I did the exact same thing at Mcdonalds. Fortunately, I didnt break anything.


----------



## lobsterman (Sep 30, 2007)

No but they can re warp new ones on for the cost of the guides plus about 5 to 7 bucks a guide.


----------



## Buckyt (Oct 1, 2007)

I don't know you, but you're not stupid. I've broken several rods by just not thinking, or getting in a hurry. Lighten up on yourself!


----------



## jim t (Sep 30, 2007)

I have a couple good friends in Guam. One has been there a couple years. The other went last fall. We'll call them "Night Moves" and "Double D" or Jon and Dustin. Both are good fisherman who have fished world wide, both are Navy Rescue Swimmers, Jon an E-8, Dustin an E-7.

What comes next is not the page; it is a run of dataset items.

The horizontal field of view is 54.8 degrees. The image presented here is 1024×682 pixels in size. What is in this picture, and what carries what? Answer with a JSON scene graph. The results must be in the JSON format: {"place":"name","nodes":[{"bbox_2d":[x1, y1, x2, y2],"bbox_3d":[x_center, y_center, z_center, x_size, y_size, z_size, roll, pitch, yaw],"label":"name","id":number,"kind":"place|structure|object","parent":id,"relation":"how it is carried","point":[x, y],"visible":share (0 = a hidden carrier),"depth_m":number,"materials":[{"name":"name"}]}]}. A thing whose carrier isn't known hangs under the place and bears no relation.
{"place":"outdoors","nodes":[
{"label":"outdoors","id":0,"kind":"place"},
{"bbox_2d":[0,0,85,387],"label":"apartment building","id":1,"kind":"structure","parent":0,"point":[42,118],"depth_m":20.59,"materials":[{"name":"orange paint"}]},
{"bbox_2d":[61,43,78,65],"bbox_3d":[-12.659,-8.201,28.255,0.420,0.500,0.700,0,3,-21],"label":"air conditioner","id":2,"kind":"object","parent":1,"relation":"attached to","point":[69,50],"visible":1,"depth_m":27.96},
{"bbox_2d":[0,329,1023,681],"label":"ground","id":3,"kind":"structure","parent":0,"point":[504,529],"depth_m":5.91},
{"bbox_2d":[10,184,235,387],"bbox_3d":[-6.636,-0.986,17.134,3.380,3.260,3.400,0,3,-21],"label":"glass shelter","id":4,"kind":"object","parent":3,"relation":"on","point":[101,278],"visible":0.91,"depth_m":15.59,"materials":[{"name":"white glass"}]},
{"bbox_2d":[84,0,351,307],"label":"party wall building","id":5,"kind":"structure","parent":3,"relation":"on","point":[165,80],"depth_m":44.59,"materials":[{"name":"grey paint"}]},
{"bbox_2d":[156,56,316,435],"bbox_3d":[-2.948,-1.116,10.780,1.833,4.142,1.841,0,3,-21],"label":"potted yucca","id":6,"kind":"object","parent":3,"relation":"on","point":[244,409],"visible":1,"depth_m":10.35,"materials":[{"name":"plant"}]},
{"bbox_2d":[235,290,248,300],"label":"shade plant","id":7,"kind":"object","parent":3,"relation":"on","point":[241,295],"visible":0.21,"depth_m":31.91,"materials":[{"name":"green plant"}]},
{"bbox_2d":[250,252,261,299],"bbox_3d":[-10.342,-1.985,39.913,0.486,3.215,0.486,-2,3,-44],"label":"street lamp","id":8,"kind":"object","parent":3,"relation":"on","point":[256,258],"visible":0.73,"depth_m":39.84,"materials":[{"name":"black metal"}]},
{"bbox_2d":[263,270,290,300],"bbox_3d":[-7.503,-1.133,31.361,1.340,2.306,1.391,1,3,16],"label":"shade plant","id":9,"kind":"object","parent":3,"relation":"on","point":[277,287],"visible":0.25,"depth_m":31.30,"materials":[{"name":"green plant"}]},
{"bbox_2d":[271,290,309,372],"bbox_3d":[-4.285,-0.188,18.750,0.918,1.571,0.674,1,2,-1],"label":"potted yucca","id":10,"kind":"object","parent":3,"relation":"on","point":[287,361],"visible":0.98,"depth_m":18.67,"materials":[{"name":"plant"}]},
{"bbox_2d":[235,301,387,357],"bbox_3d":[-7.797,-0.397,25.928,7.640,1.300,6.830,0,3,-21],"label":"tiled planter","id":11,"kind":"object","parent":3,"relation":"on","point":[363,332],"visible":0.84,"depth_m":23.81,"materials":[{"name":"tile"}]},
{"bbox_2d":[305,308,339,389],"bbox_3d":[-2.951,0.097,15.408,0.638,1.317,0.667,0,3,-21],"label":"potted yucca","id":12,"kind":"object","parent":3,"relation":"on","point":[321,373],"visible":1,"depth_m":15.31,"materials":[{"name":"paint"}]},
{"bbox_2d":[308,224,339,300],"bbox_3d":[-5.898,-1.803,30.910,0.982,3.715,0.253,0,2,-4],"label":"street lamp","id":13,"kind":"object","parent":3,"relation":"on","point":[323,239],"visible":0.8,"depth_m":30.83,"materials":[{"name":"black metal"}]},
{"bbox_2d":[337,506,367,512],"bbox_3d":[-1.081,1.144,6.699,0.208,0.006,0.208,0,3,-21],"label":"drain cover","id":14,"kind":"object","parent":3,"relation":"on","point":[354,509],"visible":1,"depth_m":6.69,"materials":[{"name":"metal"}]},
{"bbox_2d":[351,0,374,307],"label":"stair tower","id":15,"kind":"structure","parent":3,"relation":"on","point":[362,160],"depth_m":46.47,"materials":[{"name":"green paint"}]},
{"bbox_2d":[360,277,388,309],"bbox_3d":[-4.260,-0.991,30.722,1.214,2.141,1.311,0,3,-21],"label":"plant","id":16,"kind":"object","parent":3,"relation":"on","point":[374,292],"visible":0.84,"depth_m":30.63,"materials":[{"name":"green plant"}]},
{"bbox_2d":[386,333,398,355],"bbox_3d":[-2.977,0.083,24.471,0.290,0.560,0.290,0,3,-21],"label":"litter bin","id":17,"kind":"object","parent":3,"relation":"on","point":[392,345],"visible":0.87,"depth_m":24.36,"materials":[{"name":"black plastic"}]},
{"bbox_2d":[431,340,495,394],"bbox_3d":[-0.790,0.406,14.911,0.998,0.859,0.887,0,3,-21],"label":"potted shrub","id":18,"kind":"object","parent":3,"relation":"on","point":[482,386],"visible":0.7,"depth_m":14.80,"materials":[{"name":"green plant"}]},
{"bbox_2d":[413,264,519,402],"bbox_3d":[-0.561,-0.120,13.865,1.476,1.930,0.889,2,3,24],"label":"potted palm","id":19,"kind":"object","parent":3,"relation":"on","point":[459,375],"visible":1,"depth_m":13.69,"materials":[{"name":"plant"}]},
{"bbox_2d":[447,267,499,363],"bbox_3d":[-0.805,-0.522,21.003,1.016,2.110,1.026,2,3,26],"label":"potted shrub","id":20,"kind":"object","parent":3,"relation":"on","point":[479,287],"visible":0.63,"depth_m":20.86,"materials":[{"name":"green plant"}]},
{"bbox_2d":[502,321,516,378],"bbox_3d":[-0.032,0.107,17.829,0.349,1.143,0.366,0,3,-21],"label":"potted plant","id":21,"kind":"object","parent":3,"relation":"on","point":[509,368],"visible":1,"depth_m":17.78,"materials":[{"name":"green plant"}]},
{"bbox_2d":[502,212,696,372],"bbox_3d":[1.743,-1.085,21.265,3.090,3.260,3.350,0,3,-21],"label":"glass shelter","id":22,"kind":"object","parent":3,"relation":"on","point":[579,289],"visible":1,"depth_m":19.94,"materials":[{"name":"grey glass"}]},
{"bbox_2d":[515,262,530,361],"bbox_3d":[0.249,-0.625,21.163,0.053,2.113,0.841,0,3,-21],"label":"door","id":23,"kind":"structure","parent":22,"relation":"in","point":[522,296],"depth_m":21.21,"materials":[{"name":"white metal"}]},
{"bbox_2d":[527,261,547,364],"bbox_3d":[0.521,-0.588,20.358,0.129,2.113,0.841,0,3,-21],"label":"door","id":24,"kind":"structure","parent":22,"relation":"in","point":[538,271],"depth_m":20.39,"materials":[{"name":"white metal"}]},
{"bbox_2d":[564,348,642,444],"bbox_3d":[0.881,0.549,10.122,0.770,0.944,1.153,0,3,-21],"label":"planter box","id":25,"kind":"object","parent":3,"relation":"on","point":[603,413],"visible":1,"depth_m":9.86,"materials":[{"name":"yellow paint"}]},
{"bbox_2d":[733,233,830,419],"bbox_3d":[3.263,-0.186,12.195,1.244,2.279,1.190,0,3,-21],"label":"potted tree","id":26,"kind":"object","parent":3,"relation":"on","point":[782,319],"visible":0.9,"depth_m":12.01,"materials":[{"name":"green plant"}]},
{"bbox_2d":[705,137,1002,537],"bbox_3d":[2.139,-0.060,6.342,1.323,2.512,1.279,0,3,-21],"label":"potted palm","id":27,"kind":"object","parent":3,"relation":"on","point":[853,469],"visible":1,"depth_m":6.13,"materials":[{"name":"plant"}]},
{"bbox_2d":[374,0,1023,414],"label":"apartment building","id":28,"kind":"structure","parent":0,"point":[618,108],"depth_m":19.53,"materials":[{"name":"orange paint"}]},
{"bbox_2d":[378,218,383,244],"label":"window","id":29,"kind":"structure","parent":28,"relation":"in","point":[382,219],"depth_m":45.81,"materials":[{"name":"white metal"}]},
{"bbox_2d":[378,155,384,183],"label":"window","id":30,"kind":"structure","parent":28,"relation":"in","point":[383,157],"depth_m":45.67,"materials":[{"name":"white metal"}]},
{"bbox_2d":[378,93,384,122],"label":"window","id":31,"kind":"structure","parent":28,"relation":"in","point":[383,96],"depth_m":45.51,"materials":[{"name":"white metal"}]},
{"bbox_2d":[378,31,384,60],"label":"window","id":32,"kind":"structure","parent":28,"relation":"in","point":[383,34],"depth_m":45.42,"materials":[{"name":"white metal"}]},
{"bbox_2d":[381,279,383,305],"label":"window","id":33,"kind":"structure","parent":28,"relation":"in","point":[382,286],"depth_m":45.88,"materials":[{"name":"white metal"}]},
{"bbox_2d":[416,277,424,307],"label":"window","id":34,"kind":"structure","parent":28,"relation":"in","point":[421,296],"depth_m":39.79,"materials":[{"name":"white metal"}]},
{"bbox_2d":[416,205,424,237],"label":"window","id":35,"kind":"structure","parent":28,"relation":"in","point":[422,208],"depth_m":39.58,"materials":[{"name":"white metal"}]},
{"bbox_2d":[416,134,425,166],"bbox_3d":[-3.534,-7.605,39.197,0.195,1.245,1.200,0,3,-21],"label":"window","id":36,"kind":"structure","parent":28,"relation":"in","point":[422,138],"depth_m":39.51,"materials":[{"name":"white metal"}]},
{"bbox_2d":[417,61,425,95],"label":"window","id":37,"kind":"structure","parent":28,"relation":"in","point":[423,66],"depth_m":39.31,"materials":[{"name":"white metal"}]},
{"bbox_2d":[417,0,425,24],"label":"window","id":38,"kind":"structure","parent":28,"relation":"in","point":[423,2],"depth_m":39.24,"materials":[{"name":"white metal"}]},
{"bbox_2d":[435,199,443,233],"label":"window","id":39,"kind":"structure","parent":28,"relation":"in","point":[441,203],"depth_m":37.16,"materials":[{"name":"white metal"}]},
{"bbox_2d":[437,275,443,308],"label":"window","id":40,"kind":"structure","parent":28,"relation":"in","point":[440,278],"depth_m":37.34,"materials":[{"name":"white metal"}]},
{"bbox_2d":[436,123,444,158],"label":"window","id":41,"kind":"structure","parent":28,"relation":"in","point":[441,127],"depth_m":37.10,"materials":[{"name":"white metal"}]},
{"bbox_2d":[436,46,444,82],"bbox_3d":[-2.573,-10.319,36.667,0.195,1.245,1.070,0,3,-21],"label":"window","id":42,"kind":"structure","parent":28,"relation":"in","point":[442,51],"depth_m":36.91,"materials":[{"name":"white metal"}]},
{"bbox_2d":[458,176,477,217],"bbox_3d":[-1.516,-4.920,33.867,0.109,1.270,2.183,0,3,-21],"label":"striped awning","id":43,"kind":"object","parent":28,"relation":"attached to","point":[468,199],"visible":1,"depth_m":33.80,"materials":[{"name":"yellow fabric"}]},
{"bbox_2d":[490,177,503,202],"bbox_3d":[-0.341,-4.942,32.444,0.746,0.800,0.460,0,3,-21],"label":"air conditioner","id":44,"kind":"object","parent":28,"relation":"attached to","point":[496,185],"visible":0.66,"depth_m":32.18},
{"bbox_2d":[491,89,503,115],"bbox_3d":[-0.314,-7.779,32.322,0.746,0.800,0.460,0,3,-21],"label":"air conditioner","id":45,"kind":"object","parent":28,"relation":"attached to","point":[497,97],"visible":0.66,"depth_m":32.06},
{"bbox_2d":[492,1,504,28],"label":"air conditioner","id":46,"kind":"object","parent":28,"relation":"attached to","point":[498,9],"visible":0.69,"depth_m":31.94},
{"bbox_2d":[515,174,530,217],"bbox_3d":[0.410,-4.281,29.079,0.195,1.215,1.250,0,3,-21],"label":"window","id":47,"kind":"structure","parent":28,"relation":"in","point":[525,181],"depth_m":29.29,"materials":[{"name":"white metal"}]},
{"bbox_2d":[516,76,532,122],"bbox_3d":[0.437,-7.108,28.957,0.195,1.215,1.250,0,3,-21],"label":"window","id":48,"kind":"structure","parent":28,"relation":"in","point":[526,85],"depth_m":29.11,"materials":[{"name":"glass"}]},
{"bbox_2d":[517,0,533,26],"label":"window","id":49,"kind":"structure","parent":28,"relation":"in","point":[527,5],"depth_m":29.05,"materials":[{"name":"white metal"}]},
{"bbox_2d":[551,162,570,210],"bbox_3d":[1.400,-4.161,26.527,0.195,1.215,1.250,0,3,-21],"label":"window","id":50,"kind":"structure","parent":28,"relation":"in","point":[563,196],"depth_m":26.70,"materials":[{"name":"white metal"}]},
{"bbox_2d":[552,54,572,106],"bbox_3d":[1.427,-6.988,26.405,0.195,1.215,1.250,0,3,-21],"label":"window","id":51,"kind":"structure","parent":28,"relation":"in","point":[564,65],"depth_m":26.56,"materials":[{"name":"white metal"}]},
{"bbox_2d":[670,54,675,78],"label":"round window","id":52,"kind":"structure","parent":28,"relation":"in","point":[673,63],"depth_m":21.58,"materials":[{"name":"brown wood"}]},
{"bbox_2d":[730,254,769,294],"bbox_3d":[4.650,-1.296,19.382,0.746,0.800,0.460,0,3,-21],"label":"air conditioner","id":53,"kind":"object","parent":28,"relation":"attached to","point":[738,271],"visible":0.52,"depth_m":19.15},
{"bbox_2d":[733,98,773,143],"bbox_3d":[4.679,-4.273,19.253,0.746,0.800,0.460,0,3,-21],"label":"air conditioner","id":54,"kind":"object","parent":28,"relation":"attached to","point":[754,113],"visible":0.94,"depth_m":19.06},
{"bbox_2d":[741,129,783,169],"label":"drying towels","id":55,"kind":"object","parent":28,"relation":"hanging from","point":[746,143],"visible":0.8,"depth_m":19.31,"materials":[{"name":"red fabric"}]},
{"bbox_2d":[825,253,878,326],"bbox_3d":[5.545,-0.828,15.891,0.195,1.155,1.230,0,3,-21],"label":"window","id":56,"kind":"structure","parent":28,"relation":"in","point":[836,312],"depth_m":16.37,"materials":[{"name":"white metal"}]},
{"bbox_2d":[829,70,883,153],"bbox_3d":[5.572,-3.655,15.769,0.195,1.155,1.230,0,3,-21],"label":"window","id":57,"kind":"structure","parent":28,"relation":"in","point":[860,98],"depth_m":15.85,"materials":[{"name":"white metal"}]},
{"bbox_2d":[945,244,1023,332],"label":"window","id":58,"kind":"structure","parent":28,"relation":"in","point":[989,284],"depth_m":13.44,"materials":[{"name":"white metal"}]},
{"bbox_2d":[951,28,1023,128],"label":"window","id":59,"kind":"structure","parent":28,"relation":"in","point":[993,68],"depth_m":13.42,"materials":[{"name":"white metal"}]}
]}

When Jon found out Dustin had orders to Guam, they got together and bought a nearly new 26' ProCat... (mostly Jon's $$$). Dustin went to So. Carolina and picked up a SWEEET 2 year old boat with a nice T-top. Jon wanted new curtains installed before Dustin shipped it to Guam. Dustin found a guy in Gulf Breeze that would do the work. Dustin lived in Pace. So Dustin took Jon's boat to Gulf Breeze via 17th Street.

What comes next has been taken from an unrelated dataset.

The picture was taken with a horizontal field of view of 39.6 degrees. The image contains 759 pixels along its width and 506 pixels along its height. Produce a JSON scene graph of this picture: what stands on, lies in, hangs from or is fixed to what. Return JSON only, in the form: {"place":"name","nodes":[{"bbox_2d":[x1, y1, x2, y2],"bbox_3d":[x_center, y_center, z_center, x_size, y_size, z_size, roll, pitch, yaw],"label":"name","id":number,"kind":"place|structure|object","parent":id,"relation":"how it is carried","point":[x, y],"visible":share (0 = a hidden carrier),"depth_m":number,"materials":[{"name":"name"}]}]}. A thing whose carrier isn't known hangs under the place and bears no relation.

Can you guess what happened next?

Yeppers, that nearly new 26' Pro Cat with the nice T-top made a valiant effort to "duck" under the train bridge on 17th just north of the 3 mile bridge. But shecould NOT duck enough.

The stranger behind Dustin at the time of the "mishap" pulled over to help clean the debris. He said it was a spectacular thing to watch.

Imagine THAT phone call to Guam...

It was all repaired nicely, insurance covered all but a large deductible...

But I can only imagine the SOUND as he nonchalantly drove under that train bridge.

The Policeman tried to be kind and said it happens all the time, but that's no help at the time.

By the way, as he would, Jon was cool, laughed a lot and said simply, "No problem, it happens."

But then a few months earlier Jon shattered his elbow... When I heard of course I asked "How did he do that?"

Dustin said simply... "Well he was using his 12 year old sons skateboard and..." That's as far as he got when I busted out laughing.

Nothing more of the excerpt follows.